If you're currently leasing a car, you've probably gotten a fair number of ads or emails suggesting that you trade in your current vehicle for a new one. These pitches promise a new vehicle for similar or lower lease payments. They may say that the dealership wants your vehicle because it's low on used-car inventory and needs exactly what you have.
These offers sound good, and the sheer number of attempts to reach you can add a sense of urgency. But is there anything to them? Are the offers too good to be true? The answer can depend on the type of advertisement you've received and the sender.
Why You're Getting the Offer
In the auto industry, these advertisements are part of what are known as "lease pull-ahead programs." Their goal is to "pull" customers back into the leasing cycle, ahead of when their current lease expires.
The three years of a typical lease may seem like a relatively short time to us.
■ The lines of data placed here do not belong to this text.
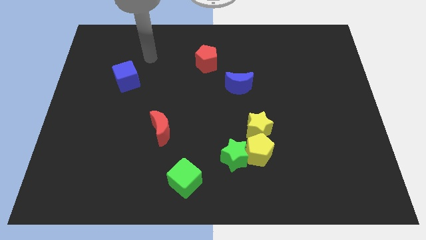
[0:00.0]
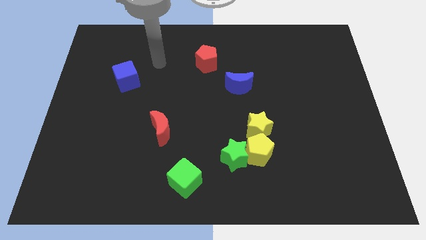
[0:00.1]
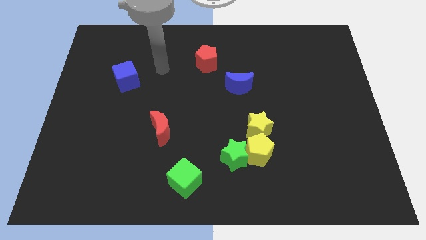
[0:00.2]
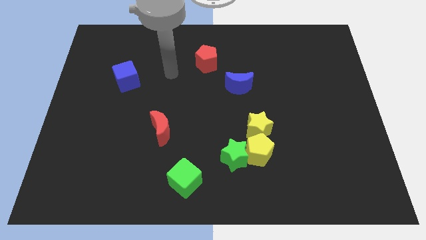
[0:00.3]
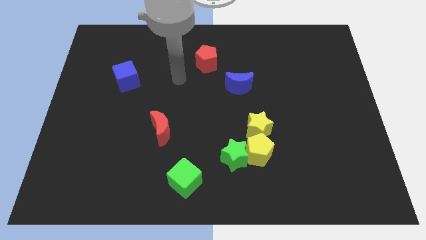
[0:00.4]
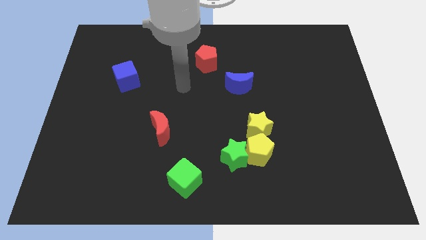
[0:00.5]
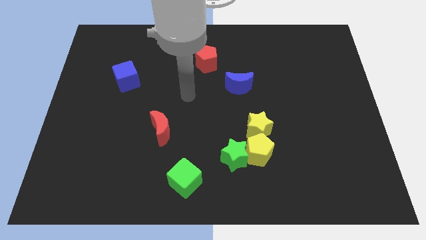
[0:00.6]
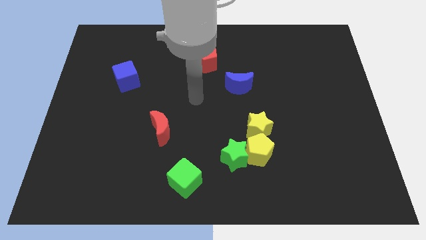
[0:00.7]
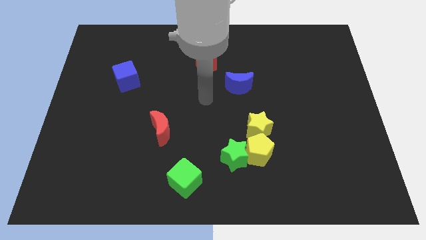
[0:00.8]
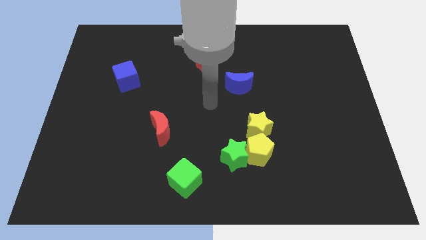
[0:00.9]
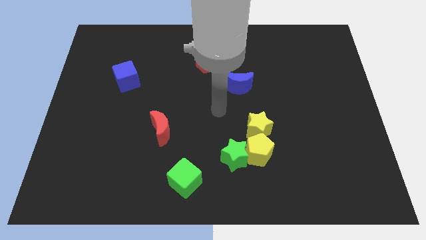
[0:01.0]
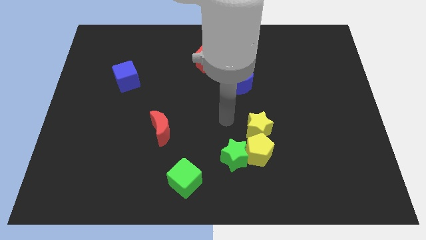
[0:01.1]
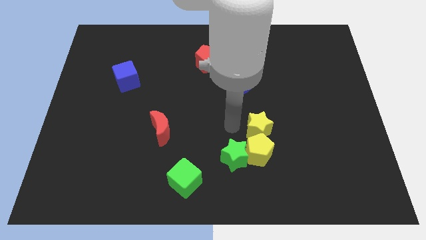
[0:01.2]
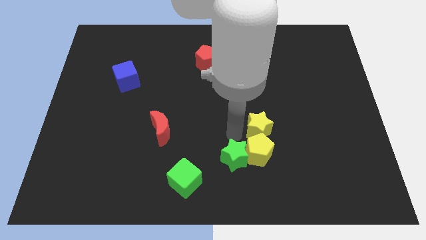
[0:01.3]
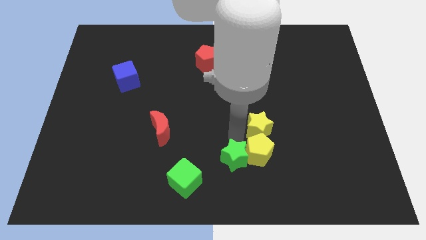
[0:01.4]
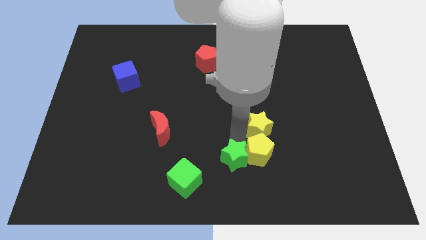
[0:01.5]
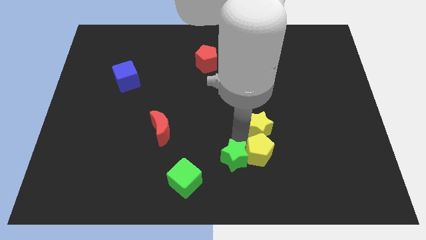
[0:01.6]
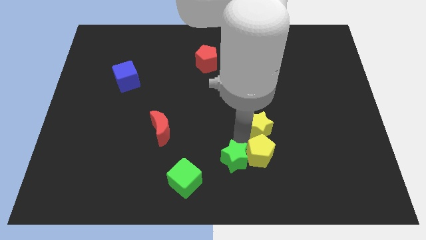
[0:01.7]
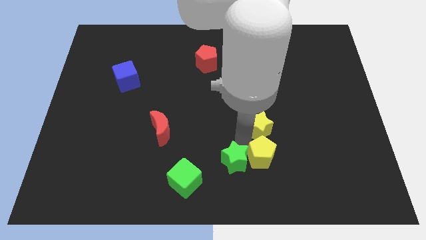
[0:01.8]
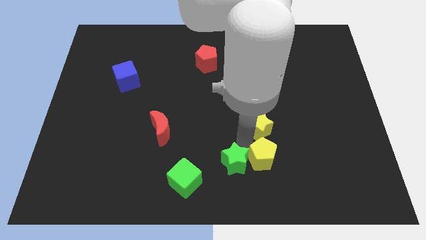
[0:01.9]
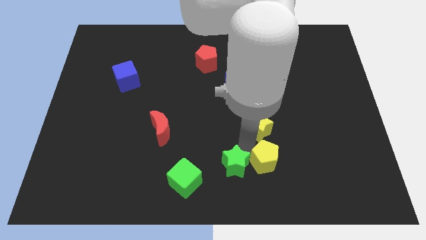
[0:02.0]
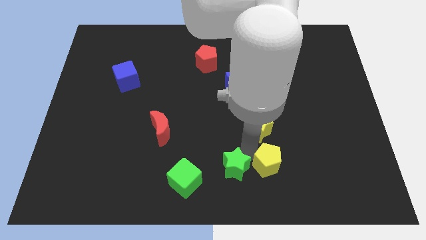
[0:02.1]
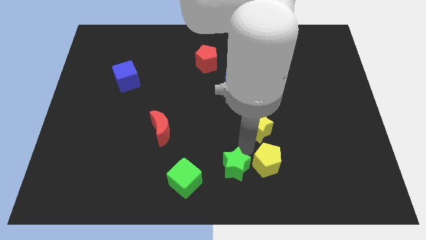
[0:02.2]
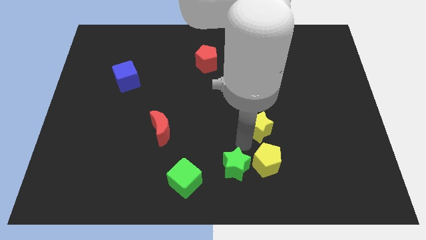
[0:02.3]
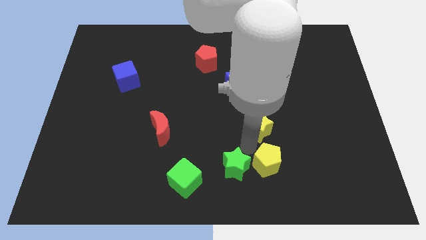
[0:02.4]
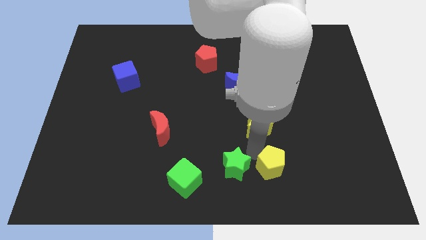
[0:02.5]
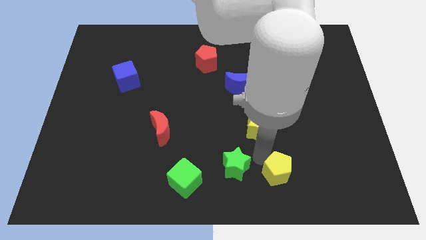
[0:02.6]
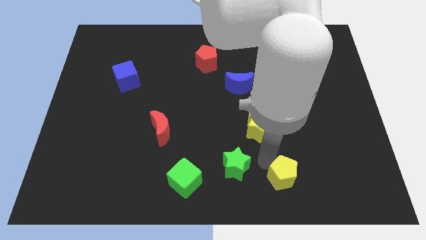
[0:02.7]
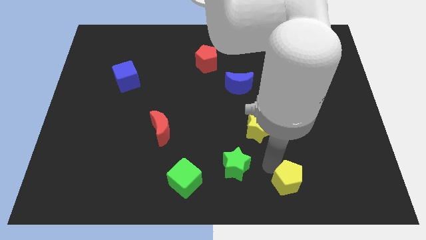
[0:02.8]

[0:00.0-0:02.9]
move the yellow pentagon away from the green star and yellow star

But in the eyes of automakers and car dealers, waiting 36 months for a customer to come back and do business again feels like a lifetime. So instead of waiting until your current lease is over to seduce you with offers of a new car, dealers start sending them before your lease is at the halfway point.
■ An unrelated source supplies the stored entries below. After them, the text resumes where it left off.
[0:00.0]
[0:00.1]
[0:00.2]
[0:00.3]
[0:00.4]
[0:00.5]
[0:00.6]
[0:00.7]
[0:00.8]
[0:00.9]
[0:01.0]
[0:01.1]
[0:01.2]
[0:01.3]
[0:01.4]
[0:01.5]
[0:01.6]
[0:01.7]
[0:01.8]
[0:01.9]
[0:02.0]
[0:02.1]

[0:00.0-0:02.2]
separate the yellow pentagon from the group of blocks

But these programs aren't just about making a new deal. Some manufacturers use lease pull-ahead programs to spread out the lease returns of certain models so that a large number of the same cars aren't hitting auction blocks at the same time. Too many of the same car showing up simultaneously at auction will eventually drive down that car's value.
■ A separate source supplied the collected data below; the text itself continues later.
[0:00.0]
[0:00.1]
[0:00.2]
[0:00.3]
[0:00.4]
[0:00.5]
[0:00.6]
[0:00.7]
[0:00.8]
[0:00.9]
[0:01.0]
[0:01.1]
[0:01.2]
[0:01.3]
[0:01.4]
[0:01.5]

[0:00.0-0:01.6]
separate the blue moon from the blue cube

Finally, the used-car department of your local dealership may really, truly want your off-lease vehicle, especially if there is a shortage of clean late-model cars.
So if you can be persuaded to turn in your car early, it can be a triple win for the dealership and the carmaker.
With all this at stake, it becomes easier to understand why carmakers and car dealerships invest so much energy in getting you back in the dealership ahead of schedule.